Cumulative probabilities from a (discrete) probability distribution..

$\displaystyle

\begin{tabular}{|c|c|c|c|}

\hline

$x$&$0$&$1$&$2$\\

\hline

P(x)&0.2&0.5&0.3\\

\hline

\sum P(x)&0.2&0.7&1\\

\hline

\end{tabular}

$

Note: I can kind of see how row $\displaystyle \sum P(x)$ is worked out, but I can't figure out how row $\displaystyle P(x)$ is worked out at all.

**Mean or Expected Value:**

Discrete:

$\displaystyle Mean=\bar{x}=E(x)=\sum_{i=1}^nx_iP(x_i)$

e.g.

$\displaystyle

\begin{tabular}{|c|c|c|c|}

\hline

$x$&$0$&$1$&$2$\\

\hline

P(x)&0.2&0.5&0.3\\

\hline

\end{tabular}

$

**Mean=0x0.2+1x0.5+2x0.3=1.1**

Note: I can of see the correlation of the answer to the table e.g. $\displaystyle x$ multiplied by $\displaystyle P(x)$ in each column then added together givesthe answer **1.1 **but on how this was worked out using the formula I am totally lost.

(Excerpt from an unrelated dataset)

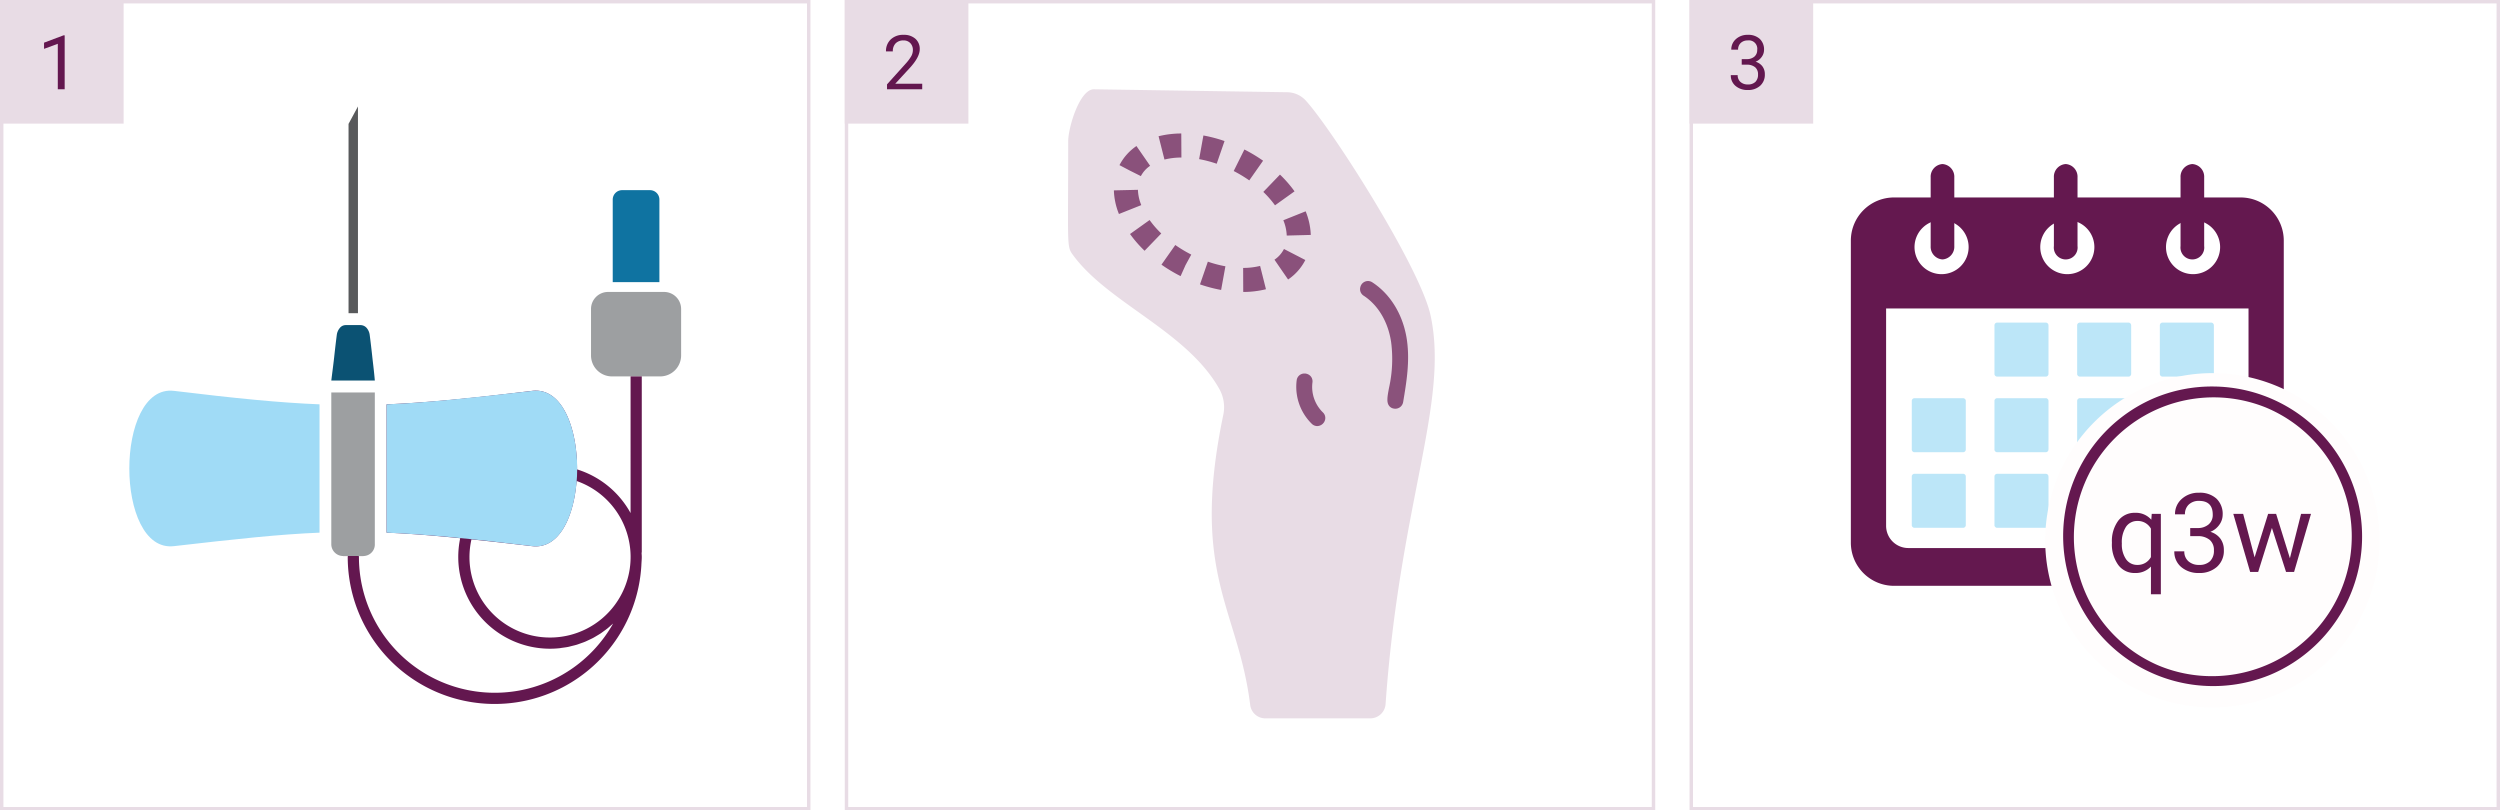 <svg xmlns="http://www.w3.org/2000/svg" xmlns:xlink="http://www.w3.org/1999/xlink" width="728" height="236" viewBox="0 0 728 236"><rect x="0" y="0" width="728" height="236" fill="#808080" stroke="none"/><defs><clipPath id="a"><rect width="55.5" height="45.353" fill="#a0dbf6"/></clipPath><clipPath id="b"><rect width="57.335" height="46.145" transform="translate(0 0)" fill="#63174f"/></clipPath><clipPath id="d"><rect width="728" height="236"/></clipPath></defs><g id="c" clip-path="url(#d)"><rect width="728" height="236" fill="#fff"/><path d="M12.909,13.293h101a12.571,12.571,0,0,1,12.533,12.534V113.85a12.57,12.57,0,0,1-12.533,12.534h-101A12.57,12.57,0,0,1,.375,113.85V25.827A12.571,12.571,0,0,1,12.909,13.293m13.885,6.576a7.879,7.879,0,1,1-7.879,7.879,7.879,7.879,0,0,1,7.879-7.879m36.616,0a7.879,7.879,0,1,1-7.879,7.879,7.879,7.879,0,0,1,7.879-7.879m36.616,0a7.879,7.879,0,1,1-7.879,7.879,7.879,7.879,0,0,1,7.879-7.879m16.152,25.755v63.31a6.465,6.465,0,0,1-6.446,6.446H17.087a6.464,6.464,0,0,1-6.445-6.446V45.624Z" transform="translate(538.592 44.208)" fill="#64184f" fill-rule="evenodd"/><path d="M28.876,0a3.7,3.7,0,0,1,3.441,3.886V23.891a3.7,3.7,0,0,1-3.441,3.886,3.7,3.7,0,0,1-3.441-3.886V3.886A3.7,3.7,0,0,1,28.876,0" transform="translate(536.776 47.771)" fill="#64184f" fill-rule="evenodd"/><path d="M70.128,0A3.7,3.7,0,0,1,73.57,3.886V23.891a3.467,3.467,0,1,1-6.883,0V3.886A3.7,3.7,0,0,1,70.128,0" transform="translate(531.406 47.771)" fill="#64184f" fill-rule="evenodd"/><path d="M111.379,0a3.7,3.7,0,0,1,3.441,3.886V23.891a3.467,3.467,0,1,1-6.883,0V3.886A3.7,3.7,0,0,1,111.379,0" transform="translate(527.037 47.771)" fill="#64184f" fill-rule="evenodd"/><path d="M24.994,104.735v14.136a.8.8,0,0,0,.8.8H39.928a.8.8,0,0,0,.8-.8V104.735a.8.8,0,0,0-.8-.8H25.792a.8.8,0,0,0-.8.8" transform="translate(531.713 34.032)" fill="#a0dbf6" fill-rule="evenodd" opacity="0.696"/><path d="M24.994,81.513V95.649a.8.8,0,0,0,.8.8H39.928a.8.8,0,0,0,.8-.8V81.513a.8.8,0,0,0-.8-.8H25.792a.8.8,0,0,0-.8.8" transform="translate(531.713 35.239)" fill="#a0dbf6" fill-rule="evenodd" opacity="0.696"/><path d="M50.394,104.735v14.136a.8.8,0,0,0,.8.8H65.327a.8.8,0,0,0,.8-.8V104.735a.8.8,0,0,0-.8-.8H51.192a.8.8,0,0,0-.8.8" transform="translate(530.392 34.032)" fill="#a0dbf6" fill-rule="evenodd" opacity="0.696"/><path d="M75.793,104.684V117.92a.749.749,0,0,0,.747.747H89.776a.749.749,0,0,0,.747-.747V104.684a.749.749,0,0,0-.747-.747H76.54a.749.749,0,0,0-.747.747" transform="translate(530.116 34.02)" fill="#64184f" fill-rule="evenodd"/><path d="M.842-1.39H13.888A2.235,2.235,0,0,1,16.12.842V13.888a2.235,2.235,0,0,1-2.232,2.232H.842A2.235,2.235,0,0,1-1.39,13.888V.842A2.235,2.235,0,0,1,.842-1.39Zm12.5,2.78H1.39V13.34H13.34Z" transform="translate(605.909 137.958)" fill="#64184f"/><path d="M101.193,104.684V117.92a.749.749,0,0,0,.747.747h13.235a.749.749,0,0,0,.747-.747V104.684a.749.749,0,0,0-.747-.747H101.94a.749.749,0,0,0-.747.747" transform="translate(527.261 34.02)" fill="#64184f" fill-rule="evenodd"/><path d="M.842-1.39H13.888A2.235,2.235,0,0,1,16.12.842V13.888a2.235,2.235,0,0,1-2.232,2.232H.842A2.235,2.235,0,0,1-1.39,13.888V.842A2.235,2.235,0,0,1,.842-1.39Zm12.5,2.78H1.39V13.34H13.34Z" transform="translate(628.454 137.958)" fill="#64184f"/><path d="M50.394,81.513V95.649a.8.8,0,0,0,.8.8H65.327a.8.8,0,0,0,.8-.8V81.513a.8.8,0,0,0-.8-.8H51.192a.8.8,0,0,0-.8.8" transform="translate(530.392 35.239)" fill="#a0dbf6" fill-rule="evenodd" opacity="0.696"/><path d="M75.793,81.513V95.649a.8.8,0,0,0,.8.8H90.727a.8.8,0,0,0,.8-.8V81.513a.8.8,0,0,0-.8-.8H76.591a.8.8,0,0,0-.8.8" transform="translate(529.072 35.239)" fill="#a0dbf6" fill-rule="evenodd" opacity="0.696"/><path d="M101.193,81.462V94.7a.749.749,0,0,0,.747.747h13.235a.749.749,0,0,0,.747-.747V81.462a.749.749,0,0,0-.747-.747H101.94a.749.749,0,0,0-.747.747" transform="translate(527.261 36.63)" fill="#64184f" fill-rule="evenodd"/><path d="M.842-1.39H13.888A2.235,2.235,0,0,1,16.12.842V13.888a2.235,2.235,0,0,1-2.232,2.232H.842A2.235,2.235,0,0,1-1.39,13.888V.842A2.235,2.235,0,0,1,.842-1.39Zm12.5,2.78H1.39V13.34H13.34Z" transform="translate(628.454 117.345)" fill="#64184f"/><path d="M50.394,58.29V72.426a.8.8,0,0,0,.8.8H65.327a.8.8,0,0,0,.8-.8V58.29a.8.8,0,0,0-.8-.8H51.192a.8.8,0,0,0-.8.8" transform="translate(530.392 36.447)" fill="#a0dbf6" fill-rule="evenodd" opacity="0.696"/><path d="M75.793,58.29V72.426a.8.8,0,0,0,.8.8H90.727a.8.8,0,0,0,.8-.8V58.29a.8.8,0,0,0-.8-.8H76.591a.8.8,0,0,0-.8.8" transform="translate(529.072 36.447)" fill="#a0dbf6" fill-rule="evenodd" opacity="0.696"/><path d="M101.193,58.29V72.426a.8.8,0,0,0,.8.8h14.136a.8.8,0,0,0,.8-.8V58.29a.8.8,0,0,0-.8-.8H101.991a.8.8,0,0,0-.8.8" transform="translate(527.751 36.447)" fill="#a0dbf6" fill-rule="evenodd" opacity="0.696"/><path d="M155.815,120.422a42.177,42.177,0,1,1-42.177-42.177,42.176,42.176,0,0,1,42.177,42.177" transform="translate(530.603 36.908)" fill="#fffdfd"/><path d="M42.177-6.5A48.677,48.677,0,1,1-6.5,42.177,48.732,48.732,0,0,1,42.177-6.5Zm0,84.353A35.677,35.677,0,1,0,6.5,42.177,35.717,35.717,0,0,0,42.177,77.853Z" transform="translate(602.064 115.153)" fill="#fffdfd"/><path d="M155.815,120.422a42.177,42.177,0,1,1-42.177-42.177,42.176,42.176,0,0,1,42.177,42.177" transform="translate(530.603 36.908)" fill="#fffdfd"/><path d="M42.177-1.5a43.688,43.688,0,0,1,17,83.92,43.688,43.688,0,0,1-34-80.487A43.4,43.4,0,0,1,42.177-1.5Zm0,84.353A40.688,40.688,0,0,0,58.009,4.7,40.688,40.688,0,0,0,26.344,79.657,40.42,40.42,0,0,0,42.177,82.853Z" transform="translate(602.007 114.046)" fill="#64184f"/><path d="M1.484-8.594a9.923,9.923,0,0,1,1.828-6.3,5.924,5.924,0,0,1,4.906-2.32A5.92,5.92,0,0,1,12.953-15.2l.125-1.7h2.656V6.5H12.844V-1.562A6.067,6.067,0,0,1,8.188.313,5.83,5.83,0,0,1,3.3-2.07a10.144,10.144,0,0,1-1.82-6.32Zm2.891.328A7.522,7.522,0,0,0,5.6-3.7a3.9,3.9,0,0,0,3.3,1.656,4.328,4.328,0,0,0,3.938-2.281v-8.281a4.342,4.342,0,0,0-3.906-2.234A3.931,3.931,0,0,0,5.609-13.18,8.189,8.189,0,0,0,4.375-8.266Zm19.906-4.516h2.172a4.774,4.774,0,0,0,3.219-1.078,3.6,3.6,0,0,0,1.172-2.828q0-4-3.984-4a4.144,4.144,0,0,0-2.992,1.07,3.746,3.746,0,0,0-1.117,2.836H19.859a5.8,5.8,0,0,1,1.977-4.492,7.2,7.2,0,0,1,5.023-1.789,7.115,7.115,0,0,1,5.047,1.7,6.153,6.153,0,0,1,1.828,4.734,4.994,4.994,0,0,1-.961,2.875,5.8,5.8,0,0,1-2.617,2.078,5.591,5.591,0,0,1,2.9,1.969,5.468,5.468,0,0,1,1.023,3.359,6.206,6.206,0,0,1-2,4.859,7.49,7.49,0,0,1-5.2,1.8,7.687,7.687,0,0,1-5.211-1.734A5.753,5.753,0,0,1,19.656-6h2.906a3.718,3.718,0,0,0,1.172,2.875,4.457,4.457,0,0,0,3.141,1.078,4.374,4.374,0,0,0,3.2-1.094,4.215,4.215,0,0,0,1.109-3.141,3.825,3.825,0,0,0-1.219-3.047,5.31,5.31,0,0,0-3.516-1.094H24.281Zm29.031,8.8,3.25-12.922h2.891L54.531,0H52.188L48.078-12.812,44.078,0H41.734L36.828-16.906H39.7L43.031-4.25l3.938-12.656H49.3Z" transform="translate(613.507 166.546)" fill="#64184f"/><path d="M1,1V235H235V1H1M0,0H236V236H0Z" fill="#e8dce5"/><path d="M1,1V235H235V1H1M0,0H236V236H0Z" transform="translate(246)" fill="#e8dce5"/><rect width="36" height="36" fill="#e8dce5"/><path d="M7.831,20h-2V6.755L1.826,8.227v-1.8L7.52,4.284h.312Z" transform="translate(11 6)" fill="#63174f"/><rect width="36" height="36" transform="translate(246)" fill="#e8dce5"/><path d="M11.548,20H1.3V18.571l5.414-6.016a12.862,12.862,0,0,0,1.66-2.218A3.7,3.7,0,0,0,8.83,8.57a2.806,2.806,0,0,0-.741-2.009,2.592,2.592,0,0,0-1.977-.784,3.069,3.069,0,0,0-2.3.843,3.221,3.221,0,0,0-.822,2.347H1A4.613,4.613,0,0,1,2.39,5.477,5.157,5.157,0,0,1,6.112,4.145,4.955,4.955,0,0,1,9.561,5.289a3.9,3.9,0,0,1,1.268,3.045q0,2.31-2.943,5.5L3.7,18.378h7.853Z" transform="translate(257 6)" fill="#63174f"/><rect width="36" height="36" transform="translate(492)" fill="#e8dce5"/><path d="M4.189,11.213H5.683A3.282,3.282,0,0,0,7.9,10.472,2.476,2.476,0,0,0,8.7,8.527a2.426,2.426,0,0,0-2.739-2.75A2.849,2.849,0,0,0,3.9,6.513a2.575,2.575,0,0,0-.768,1.95H1.149A3.99,3.99,0,0,1,2.508,5.375a4.95,4.95,0,0,1,3.454-1.23,4.892,4.892,0,0,1,3.47,1.171A4.23,4.23,0,0,1,10.688,8.57a3.433,3.433,0,0,1-.661,1.977,3.989,3.989,0,0,1-1.8,1.429,3.844,3.844,0,0,1,1.993,1.354,3.759,3.759,0,0,1,.7,2.31A4.267,4.267,0,0,1,9.55,18.979a5.149,5.149,0,0,1-3.577,1.235A5.285,5.285,0,0,1,2.39,19.022a3.955,3.955,0,0,1-1.38-3.147h2a2.556,2.556,0,0,0,.806,1.977,3.064,3.064,0,0,0,2.159.741,3.007,3.007,0,0,0,2.2-.752,2.9,2.9,0,0,0,.763-2.159A2.63,2.63,0,0,0,8.1,13.587a3.651,3.651,0,0,0-2.417-.752H4.189Z" transform="translate(503 6)" fill="#63174f"/><path d="M53.282,9.635a2.752,2.752,0,0,0-2.738-2.763H42.426a2.751,2.751,0,0,0-2.734,2.763V33.659h13.59Z" transform="translate(138.735 48.5)" fill="#0f73a1"/><path d="M20.742,0,18,5.075V60.21h2.741Z" transform="translate(83.496 31)" fill="#58595b"/><path d="M13.02,68.613c18.045-2.075,30.834-3.461,42.371-3.922V27.32C43.854,26.856,31.065,25.59,13.02,23.4c-17.36-2.078-17.36,47.293,0,45.215" transform="translate(37.657 90.421)" fill="#a0dbf6"/><path d="M29.259,34.1c-.227-2.77-.571-5.306-.8-7.5-.231-2.075-.458-4.036-.688-5.767a3.86,3.86,0,0,0-.911-2.078,2.426,2.426,0,0,0-1.826-.805H20.808a2.2,2.2,0,0,0-1.713.805,3.89,3.89,0,0,0-.915,2.078c-.227,1.731-.454,3.692-.684,5.767-.227,2.192-.571,4.728-.911,7.5H29.259Z" transform="translate(79.89 76.718)" fill="#0b5273"/><path d="M52.691,39.826h5.416a6.115,6.115,0,0,0,6.04-6.1V20.189a4.959,4.959,0,0,0-4.9-4.958H42.817a4.959,4.959,0,0,0-4.908,4.958V33.726a6.115,6.115,0,0,0,6.04,6.1h8.742Z" transform="translate(134.195 69.786)" fill="#9d9fa1"/><path d="M29.259,67.661V23.482H16.584V67.661a3.447,3.447,0,0,0,3.4,3.454h5.994a3.355,3.355,0,0,0,3.284-3.454" transform="translate(79.89 90.798)" fill="#9d9fa1"/><path d="M104.554,22.166h-3.263V61.958A26.823,26.823,0,0,0,85.711,49.24c.064-11.909-4.3-23.914-13.1-22.868-17.931,2.192-30.72,3.461-42.367,3.922V67.668c6.536.259,13.47.816,21.435,1.617A26.714,26.714,0,0,0,77.838,101.46c.9,0,1.8-.05,2.681-.135.305-.032.6-.1.9-.135.571-.078,1.146-.149,1.7-.259.358-.074.706-.177,1.06-.266.489-.117.979-.231,1.458-.376.369-.11.72-.252,1.082-.379.447-.16.9-.309,1.334-.493.362-.149.709-.326,1.064-.489.415-.2.837-.387,1.241-.6.348-.184.677-.39,1.014-.589.39-.234.787-.461,1.167-.709.323-.216.635-.454.95-.681.369-.27.738-.532,1.089-.816.3-.245.589-.5.88-.759.248-.22.511-.426.755-.653A39.55,39.55,0,0,1,22.189,74.74a1.313,1.313,0,0,0-.057-.266h1.376l.025-.007h-5.99l.025.007h1.412a1.31,1.31,0,0,0-.053.266,42.788,42.788,0,0,0,85.49,2.731c.021-.223.018-.454.035-.681.032-.677.1-1.344.1-2.029V74.74c0-.436-.043-.858-.064-1.291h.064ZM77.838,98.2A23.408,23.408,0,0,1,54.959,69.619c5.341.56,11.154,1.216,17.655,1.972,7.838.929,12.147-8.49,12.956-18.974A23.444,23.444,0,0,1,77.838,98.2" transform="translate(82.332 87.447)" fill="#63174f"/><g transform="translate(112.575 113.755)"><g clip-path="url(#a)"><path d="M63.58,23.4c-18.081,2.075-30.9,3.462-42.456,3.923V64.7c11.56.465,24.375,1.731,42.456,3.923,17.4,2.079,17.4-47.3,0-45.225" transform="translate(-21.127 -23.336)" fill="#a0dbf6"/></g></g><rect width="160.683" height="174.001" transform="translate(37.658 30.999)" fill="none"/><rect width="160.685" height="174" transform="translate(37.658 31)" fill="none"/><path d="M105.58,65.845c-2.987-13.882-28.556-54-36.323-62.549A7.476,7.476,0,0,0,63.731.856L7.535,0C3.413,0,.058,11.058.058,15.18c0,31.354-.516,30.5,1.517,33.25C11.9,62.365,34.655,70.491,44.088,87.3a10.851,10.851,0,0,1,1.129,7.534c-9.681,46.543,4.315,56.07,7.846,84.484a4.436,4.436,0,0,0,4.41,3.868H88.047a4.471,4.471,0,0,0,4.435-4.155c4.145-58.74,18.561-87.814,13.1-113.191" transform="translate(311 26)" fill="#e8dce5"/><g opacity="0.703"><path d="M102.566,66.631a1.317,1.317,0,0,0-1.441,2.2c4.526,2.956,7.61,8.212,8.46,14.424,1.527,11.12-3.1,17.788-.026,18.3a1.321,1.321,0,0,0,1.519-1.086c.954-5.687,1.941-11.566,1.118-17.574-.955-6.968-4.465-12.9-9.63-16.271" transform="translate(296.529 16.441)" fill="#63174f"/><path d="M109.781,102.58h0a2.29,2.29,0,0,1-.391-.034,2.133,2.133,0,0,1-1.458-.875c-.745-1.066-.44-2.7.022-5.171a38.488,38.488,0,0,0,.641-13.105c-.811-5.923-3.732-10.925-8.016-13.723a2.244,2.244,0,0,1-.962-2.558,2.281,2.281,0,0,1,3.5-1.321c5.407,3.53,9.079,9.716,10.074,16.972.844,6.157-.155,12.112-1.122,17.87A2.313,2.313,0,0,1,109.781,102.58ZM101.831,67.4c-.113,0-.252.135-.3.289-.041.137,0,.219.139.313,4.769,3.115,8.015,8.628,8.9,15.126a40.788,40.788,0,0,1-.656,13.744,26.187,26.187,0,0,0-.429,2.76c-.047.74.081.9.083.9a.407.407,0,0,0,.152.046h.008a.284.284,0,0,0,.049,0,.326.326,0,0,0,.311-.271V100.3c.942-5.611,1.915-11.413,1.113-17.268-.916-6.681-4.264-12.356-9.186-15.569A.384.384,0,0,0,101.831,67.4Z" transform="translate(296.529 16.441)" fill="#63174f"/></g><g opacity="0.703"><path d="M83.023,110.769a1.316,1.316,0,0,0,1.829-1.894,11.4,11.4,0,0,1-3.315-9.539,1.317,1.317,0,0,0-2.611-.35,14.071,14.071,0,0,0,4.1,11.782" transform="translate(299.654 11.912)" fill="#63174f"/><path d="M83.916,112.16h0a2.246,2.246,0,0,1-1.591-.675,15.088,15.088,0,0,1-4.389-12.631,2.251,2.251,0,0,1,2.273-2,2.382,2.382,0,0,1,1.8.793,2.265,2.265,0,0,1,.521,1.821,10.376,10.376,0,0,0,3.018,8.688,2.213,2.213,0,0,1,.559,2.486A2.4,2.4,0,0,1,83.916,112.16ZM80.209,98.854a.256.256,0,0,0-.291.265,13.054,13.054,0,0,0,3.8,10.931l.006.006a.3.3,0,0,0,.192.1.433.433,0,0,0,.336-.267c.03-.076.048-.161-.094-.3A12.411,12.411,0,0,1,80.546,99.2c.022-.165-.027-.221-.043-.239A.41.41,0,0,0,80.209,98.854Z" transform="translate(299.654 11.912)" fill="#63174f"/></g><rect width="106.8" height="183.191" transform="translate(311 26)" fill="none"/><path d="M1,1V235H235V1H1M0,0H236V236H0Z" transform="translate(492)" fill="#e8dce5"/><g transform="translate(324.361 38.873)" opacity="0.706"><g clip-path="url(#b)"><path d="M37.669,46.145l-.029-7a20.678,20.678,0,0,0,4.939-.582l1.707,6.789a27.738,27.738,0,0,1-6.617.793m-6.439-.586a41.448,41.448,0,0,1-6.154-1.622l2.29-6.616a34.667,34.667,0,0,0,5.114,1.351Zm19.5-3.041L46.763,36.75a8.2,8.2,0,0,0,2.712-3.016l.055-.1,6.22,3.209-.046.088a15.135,15.135,0,0,1-4.974,5.591m-31.3-.99-.174-.083a45.089,45.089,0,0,1-5.4-3.252l4.028-5.724a38.53,38.53,0,0,0,4.474,2.7l.179.094-1.68,3.078ZM8.943,34.151a35.4,35.4,0,0,1-4.24-4.88L10.4,25.2a28.364,28.364,0,0,0,3.4,3.91Zm41.393-4.427a12.989,12.989,0,0,0-.991-4.46l6.5-2.6a19.968,19.968,0,0,1,1.49,6.873ZM1.476,23.445A19.867,19.867,0,0,1,0,16.566L7,16.4a12.918,12.918,0,0,0,.982,4.454ZM46.92,20.92a28.389,28.389,0,0,0-3.407-3.907l4.854-5.045a35.538,35.538,0,0,1,4.244,4.876Zm-7.494-7.262a38.408,38.408,0,0,0-4.533-2.729L38.008,4.66l.128.066a45.076,45.076,0,0,1,5.312,3.2ZM7.862,12.411l-3.13-1.567-3.1-1.628A15.138,15.138,0,0,1,6.573,3.651L10.554,9.41a8.2,8.2,0,0,0-2.692,3m22.078-3.6a34.441,34.441,0,0,0-5.113-1.345L26.069.578A41.4,41.4,0,0,1,32.225,2.2ZM14.732,7.589,13.013.8A27.558,27.558,0,0,1,19.629,0l.038,7a20.609,20.609,0,0,0-4.935.589" fill="#63174f"/></g></g></g></svg>

For the continuous variate:

$\displaystyle Mean=\bar{x}=E(x)=\int_{+\infty}^{+\infty}xf(x)dx$

e.g

$\displaystyle f(x)=2x$Attachment 19406$\displaystyle 0\leq x \leq1$

$\displaystyle

E(x)=\int_0^12x^2dx=\left[ \frac{2x^3}{3} \right]_0^1=\frac{2}{3}

$

Note: On the continuous variate I am also totaly lost.

Any help anyone has to offer to better my understanding of this formula would be gratefuly appreciated.

Colin